[proofplan]
We realize each point $z \in \mathbb{H}$ as the elliptic curve $\mathbb{C}/(\mathbb{Z}z+\mathbb{Z})$ with the marked $N$-torsion point represented by $1/N$. The key computation is that a change of lattice basis by a matrix in $SL_2(\mathbb{Z})$ preserves this marked point exactly when the matrix lies in $\Gamma_1(N)$. Surjectivity follows by choosing a lattice basis adapted to a given torsion point of exact order $N$, and injectivity follows by lifting an isomorphism of complex tori to multiplication by a nonzero complex number and reading off the induced basis change.
[/proofplan]
[step:Verify that the standard marked point has exact order $N$]
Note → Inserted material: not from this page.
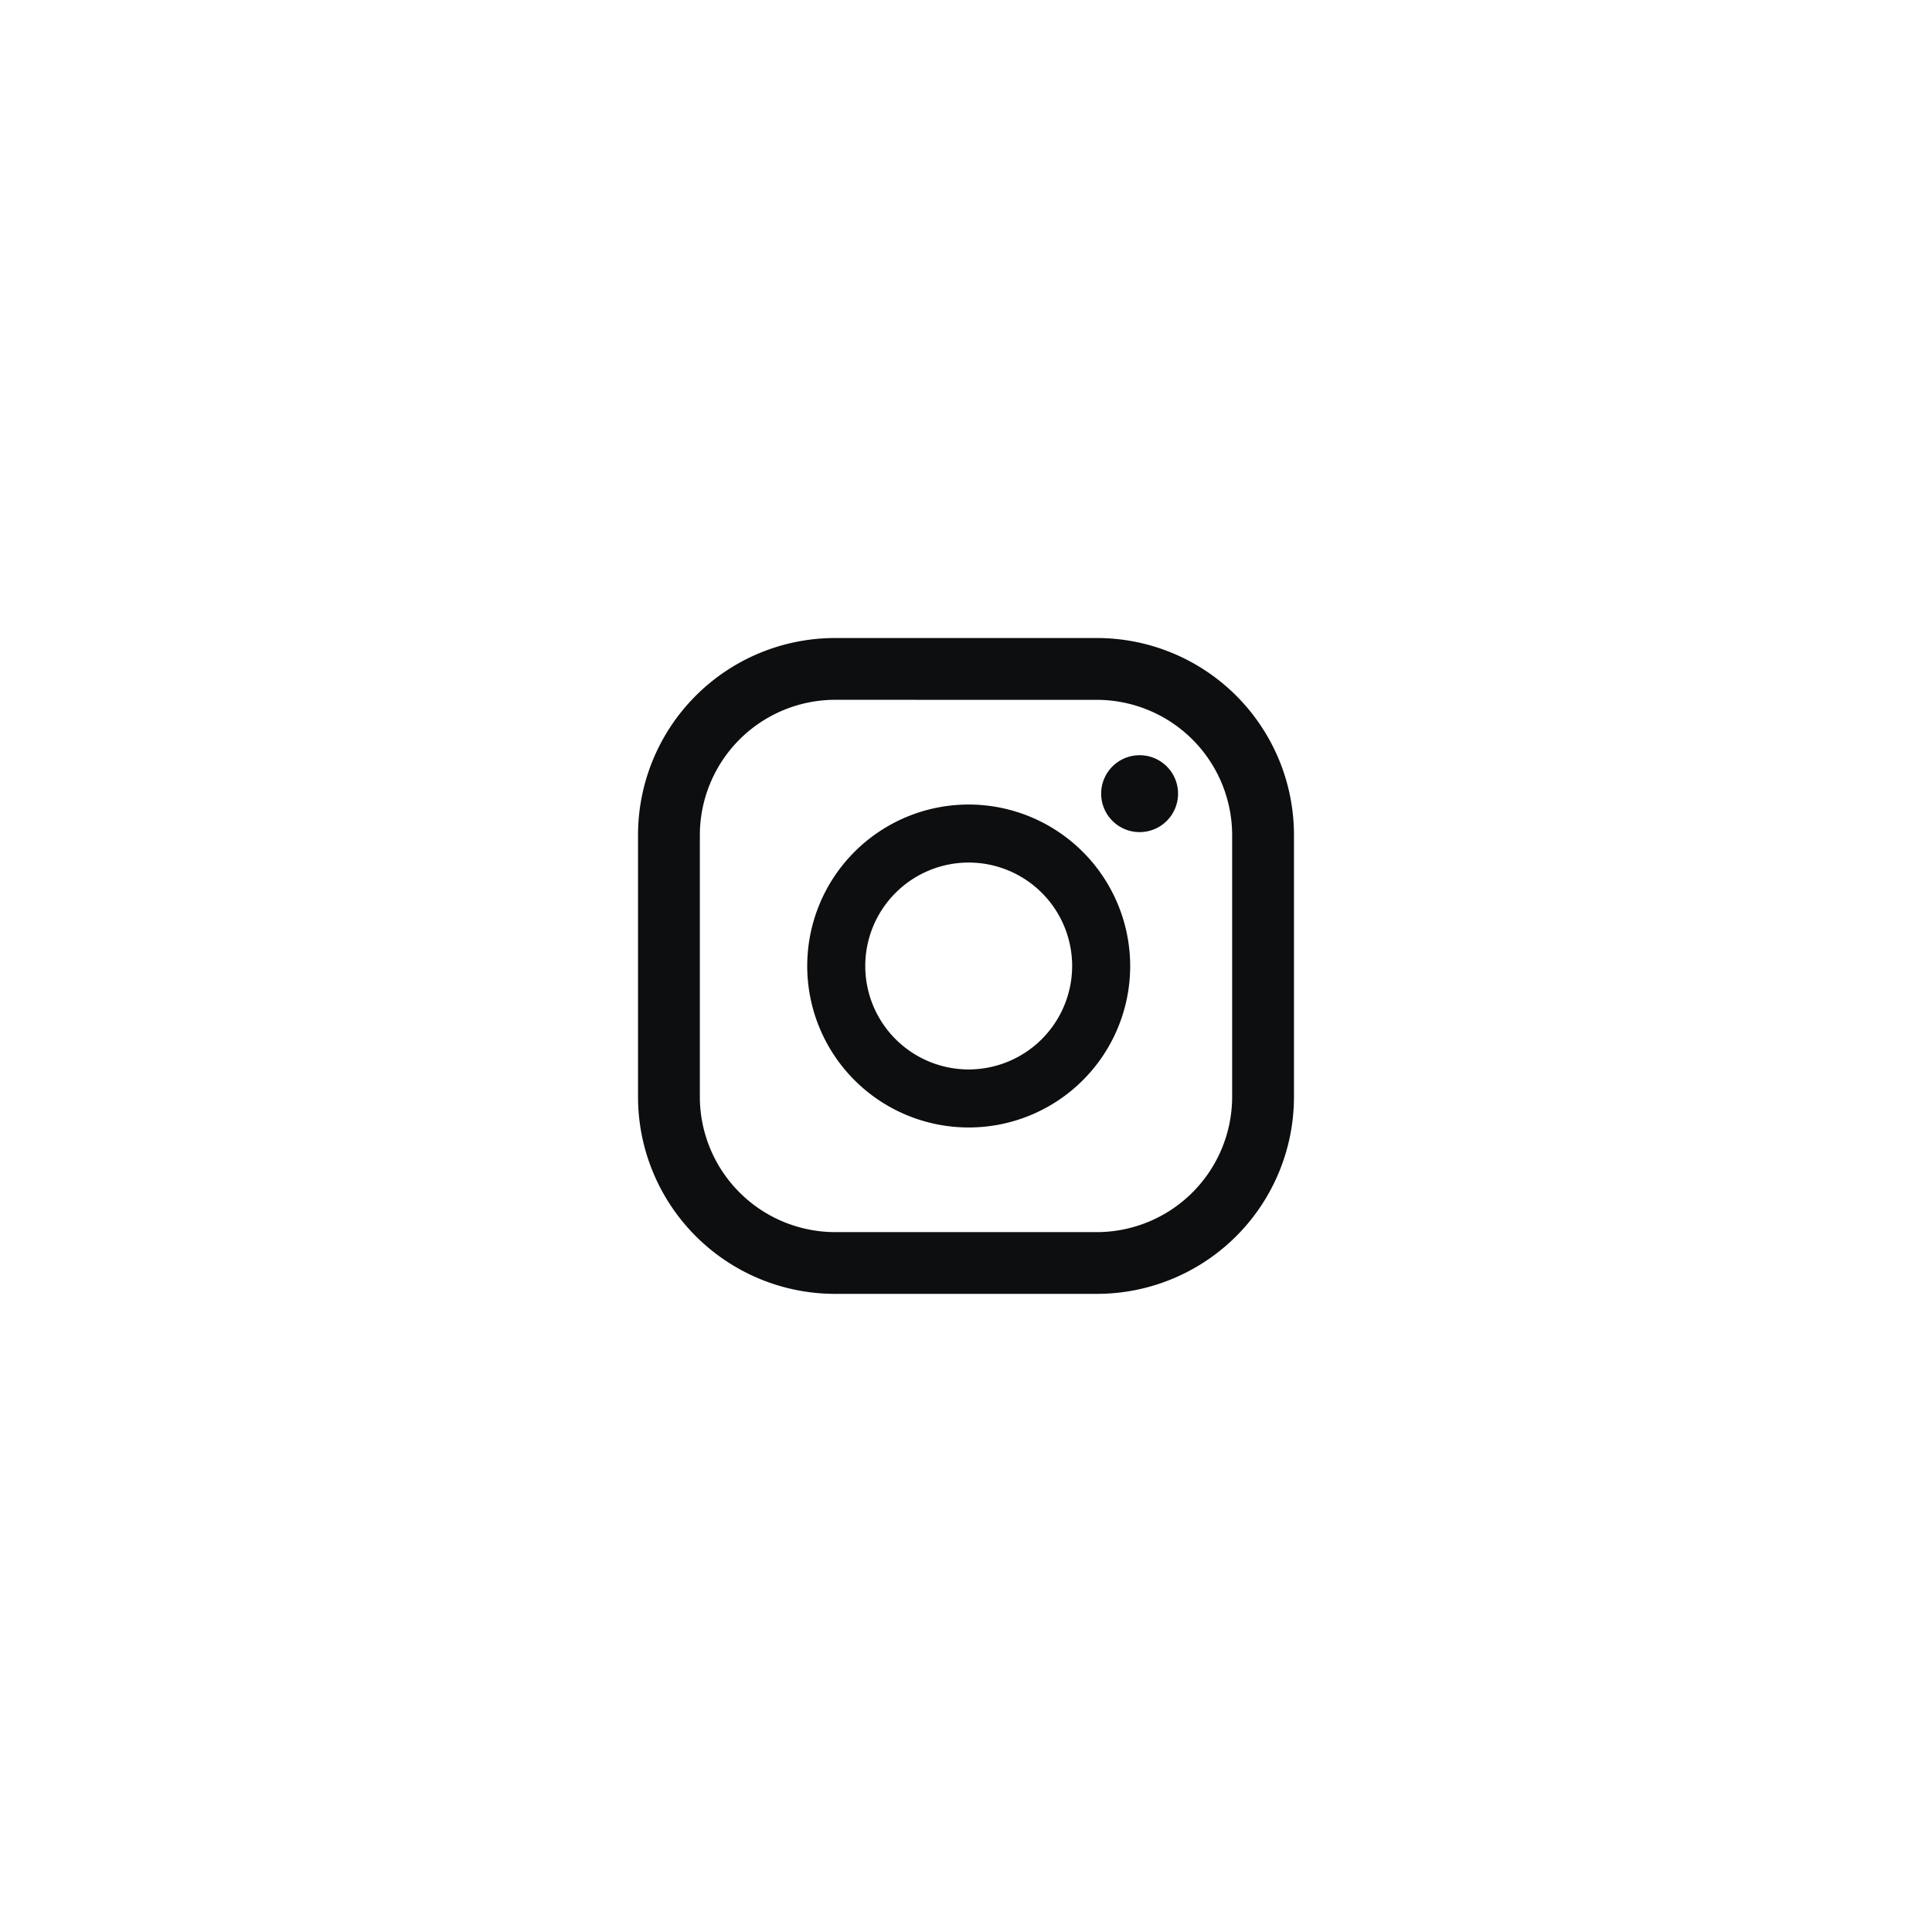 <svg id="Layer_1" data-name="Layer 1" xmlns="http://www.w3.org/2000/svg" viewBox="0 0 500 500"><defs><style>.cls-1{fill:#0d0e10;}</style></defs><path class="cls-1" d="M294.93,195.45a9.95,9.95,0,1,0,9.95,10A9.94,9.94,0,0,0,294.93,195.45Z"/><path class="cls-1" d="M250.7,208.21A41.79,41.79,0,1,0,292.49,250,41.84,41.84,0,0,0,250.7,208.21Zm0,68.56A26.77,26.77,0,1,1,277.47,250,26.8,26.8,0,0,1,250.7,276.77Z"/><path class="cls-1" d="M283.88,334.85H216.12a51,51,0,0,1-51-51V216.12a51,51,0,0,1,51-51h67.76a51,51,0,0,1,51,51v67.76A51,51,0,0,1,283.88,334.85ZM216.12,181.11a35.06,35.06,0,0,0-35,35v67.76a35.06,35.06,0,0,0,35,35h67.76a35.06,35.06,0,0,0,35-35V216.12a35.06,35.06,0,0,0-35-35Z"/></svg>

Fix $z \in \mathbb{H}$. The lattice $\Lambda_z := \mathbb{Z}z+\mathbb{Z}$ is a rank-two discrete subgroup of $\mathbb{C}$, and $E_z := \mathbb{C}/\Lambda_z$ is the associated complex elliptic curve. Define the marked point $P_z \in E_z$ by
\begin{align*}
P_z := \frac{1}{N}+\Lambda_z.
\end{align*}
Since
\begin{align*}
N P_z = 1+\Lambda_z = 0 \in E_z,
\end{align*}
we have $P_z \in E_z[N]$. If $1 \leq k \leq N$ and $kP_z = 0$, then $k/N \in \Lambda_z$. Thus there exist $m,n \in \mathbb{Z}$ such that
\begin{align*}
\frac{k}{N} = mz+n.
\end{align*}
Because $\operatorname{Im}(z)>0$, the complex number $z$ is not real, so equality with the real number $k/N$ forces $m=0$. Hence $k/N=n \in \mathbb{Z}$, and therefore $N \mid k$. For $1 \leq k \leq N$, this gives $k=N$. Thus $P_z$ has exact order $N$.
[/step]
[step:Compute precisely when a modular change of basis preserves the marked point]
Let
\begin{align*}
\gamma =
\begin{pmatrix}
a & b \\
c & d
\end{pmatrix}
\in SL_2(\mathbb{Z})
\end{align*}
and define $\gamma z \in \mathbb{H}$ by
\begin{align*}
\gamma z := \frac{az+b}{cz+d}.
\end{align*}
Since $\operatorname{Im}(z)>0$ and $\gamma \in SL_2(\mathbb{Z})$, one has $\gamma z \in \mathbb{H}$. Define the complex-[linear map](/page/Linear%20Map)
\begin{align*}
\varphi_\gamma: \mathbb{C} &\to \mathbb{C} \\
u &\mapsto (cz+d)u.
\end{align*}
The identities
\begin{align*}
(cz+d)(\gamma z) &= az+b, \\
(cz+d)\cdot 1 &= cz+d
\end{align*}
show that
\begin{align*}
(cz+d)\Lambda_{\gamma z}
&= \mathbb{Z}(az+b)+\mathbb{Z}(cz+d) \\
&= \mathbb{Z}z+\mathbb{Z} \\
&= \Lambda_z,
\end{align*}
because the integer matrix with columns $(a,b)$ and $(c,d)$ has determinant $ad-bc=1$. Hence $\varphi_\gamma$ descends to an isomorphism of complex elliptic curves
\begin{align*}
\overline{\varphi}_\gamma: E_{\gamma z} &\to E_z \\
u+\Lambda_{\gamma z} &\mapsto (cz+d)u+\Lambda_z.
\end{align*}
The image of the standard marked point is
\begin{align*}
\overline{\varphi}_\gamma(P_{\gamma z})
&= \frac{cz+d}{N}+\Lambda_z \\
&= \frac{c}{N}z+\frac{d}{N}+\Lambda_z.
\end{align*}
Therefore $\overline{\varphi}_\gamma(P_{\gamma z})=P_z$ if and only if
\begin{align*}
\frac{c}{N}z+\frac{d-1}{N}\in \Lambda_z.
\end{align*}
Since $z$ and $1$ are $\mathbb{R}$-linearly independent, this condition is equivalent to
\begin{align*}
c \equiv 0 \pmod N,
\qquad
d \equiv 1 \pmod N.
\end{align*}
Together with $ad-bc=1$, these congruences imply $a \equiv 1 \pmod N$. Thus $\overline{\varphi}_\gamma(P_{\gamma z})=P_z$ exactly for $\gamma \in \Gamma_1(N)$.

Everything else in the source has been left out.